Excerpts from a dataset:
────────

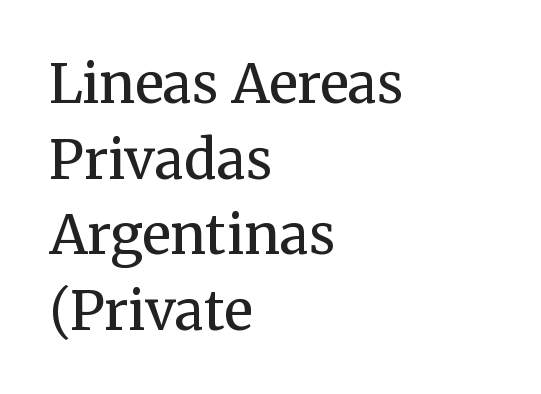
{"serif": "yes", "italic": "no", "bold": "no", "weight": "regular", "width": "normal", "stroke_contrast": "medium", "x_height": "medium", "monospaced": "no", "underline": "no", "align": "left", "line_spacing": "normal", "line_spacing_ratio": 1.4, "letter_spacing": "normal", "letter_spacing_em": 0.0, "glyph_px": 54}
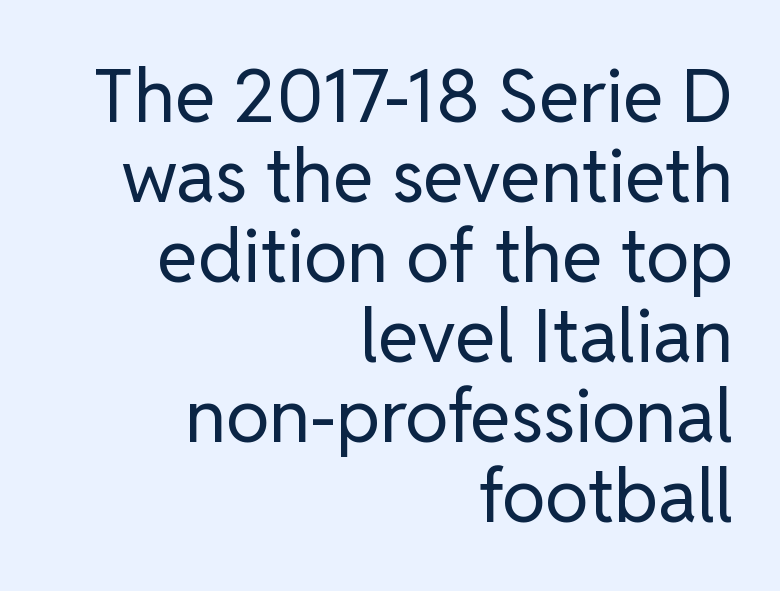
{"serif": "no", "italic": "no", "bold": "no", "weight": "regular", "width": "normal", "stroke_contrast": "low", "x_height": "medium", "monospaced": "no", "underline": "no", "align": "right", "line_spacing": "tight", "line_spacing_ratio": 1.08, "letter_spacing": "normal", "letter_spacing_em": 0.0, "glyph_px": 74}
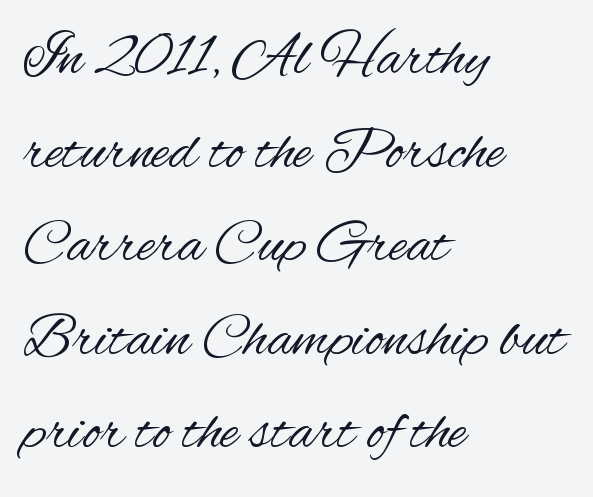
{"serif": "no", "bold": "no", "weight": "regular", "width": "condensed", "stroke_contrast": "medium", "x_height": "small", "monospaced": "no", "underline": "no", "align": "left", "line_spacing": "normal", "line_spacing_ratio": 1.56, "letter_spacing": "normal", "letter_spacing_em": 0.0, "glyph_px": 60}
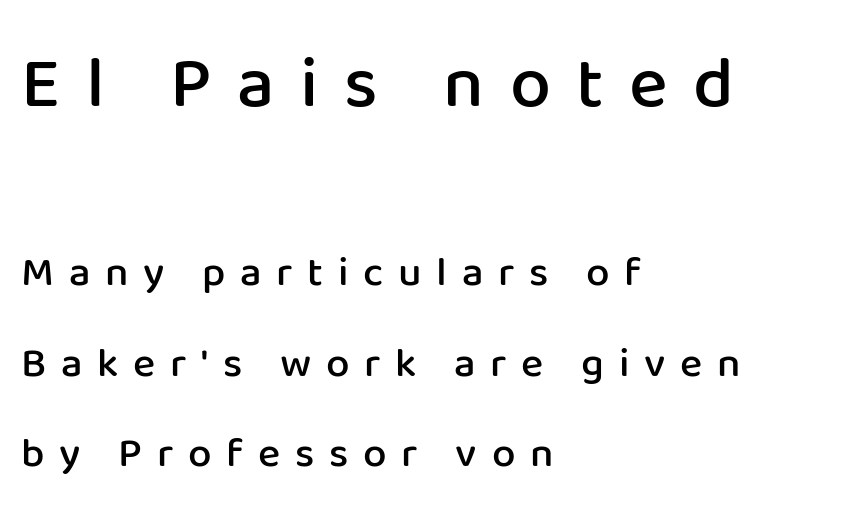
{"serif": "no", "italic": "no", "bold": "semi", "weight": "semibold", "width": "normal", "stroke_contrast": "low", "x_height": "medium", "monospaced": "no", "underline": "no", "align": "left", "line_spacing": "loose", "line_spacing_ratio": 2.15, "letter_spacing": "wide", "letter_spacing_em": 0.35, "larger_block": "first", "size_ratio": 1.74, "glyph_px": 73}
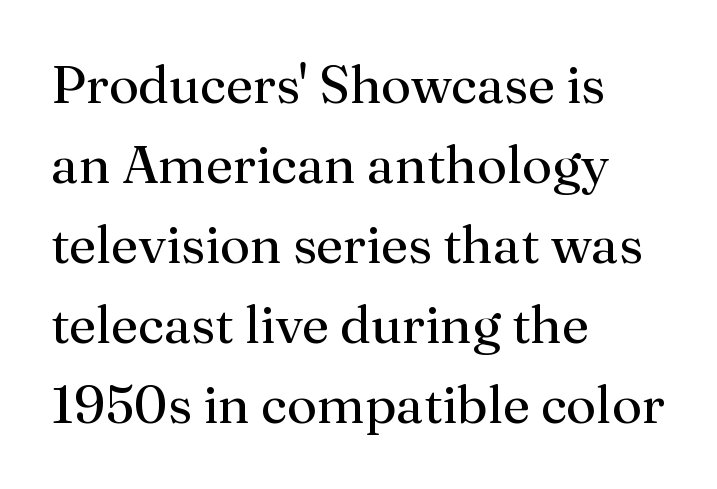
{"serif": "yes", "italic": "no", "bold": "no", "weight": "regular", "width": "normal", "stroke_contrast": "medium", "x_height": "medium", "monospaced": "no", "underline": "no", "align": "left", "line_spacing": "normal", "line_spacing_ratio": 1.51, "letter_spacing": "normal", "letter_spacing_em": 0.0, "glyph_px": 53}
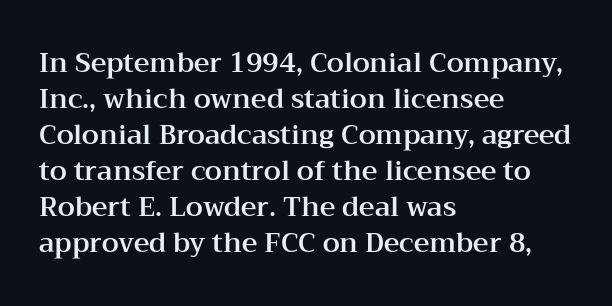
Vertically, the passage feels balanced, rows spaced as you'd expect. The face used here is rendered with its standard letterfit. The words here are not underlined. Posture: straight, roman, zero tilt.
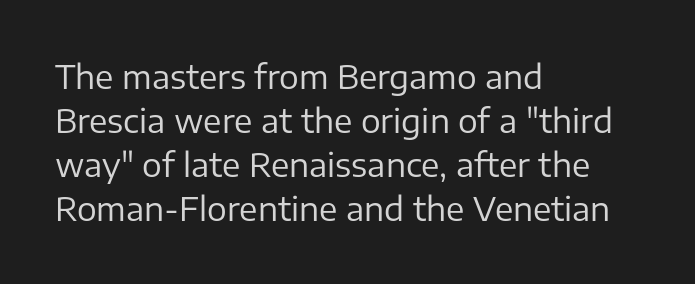
Q: Is the text bold? A: No.
Q: Is the text italic (slanted)? A: No, it is upright.
Q: Is the typeface a serif or a sans-serif typeface? A: Sans-serif.
Q: Is the text underlined? A: No.
Q: How is the paragraph aligned? A: Left-aligned.
Q: Is the spacing between letters normal or unusually wide? A: Normal.
Q: Is the spacing between lines tight, normal or loose? A: Normal.
Q: Width (condensed, normal, or wide)? A: Normal.
Q: Stroke contrast? A: Low.
Q: x-height? A: Medium.
Q: Monospaced? A: No.
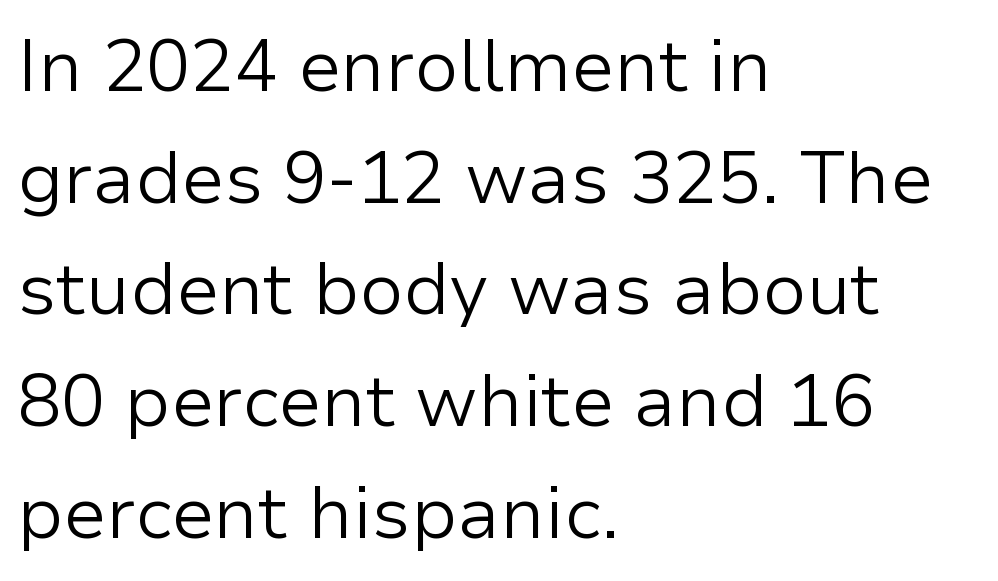
Q: Is the text bold? A: No.
Q: Is the text italic (slanted)? A: No, it is upright.
Q: Is the typeface a serif or a sans-serif typeface? A: Sans-serif.
Q: Is the text underlined? A: No.
Q: How is the paragraph aligned? A: Left-aligned.
Q: Is the spacing between letters normal or unusually wide? A: Normal.
Q: Is the spacing between lines tight, normal or loose? A: Normal.
Q: Width (condensed, normal, or wide)? A: Normal.
Q: Stroke contrast? A: Low.
Q: x-height? A: Medium.
Q: Monospaced? A: No.
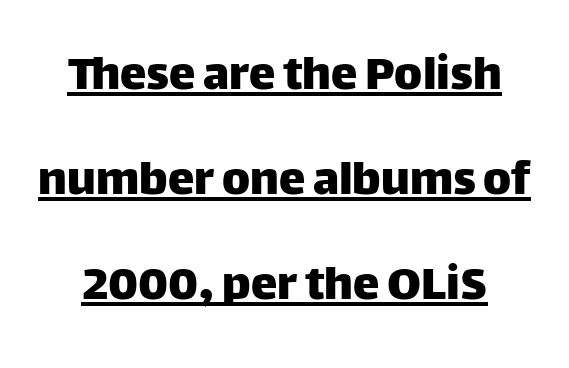
{"serif": "no", "italic": "no", "width": "normal", "stroke_contrast": "low", "x_height": "large", "monospaced": "no", "underline": "yes", "line_spacing": "loose", "line_spacing_ratio": 1.98, "letter_spacing": "normal", "letter_spacing_em": 0.0, "glyph_px": 53}

────────

Scan the records above and count the lines that contain "regular". No text besides the count.

4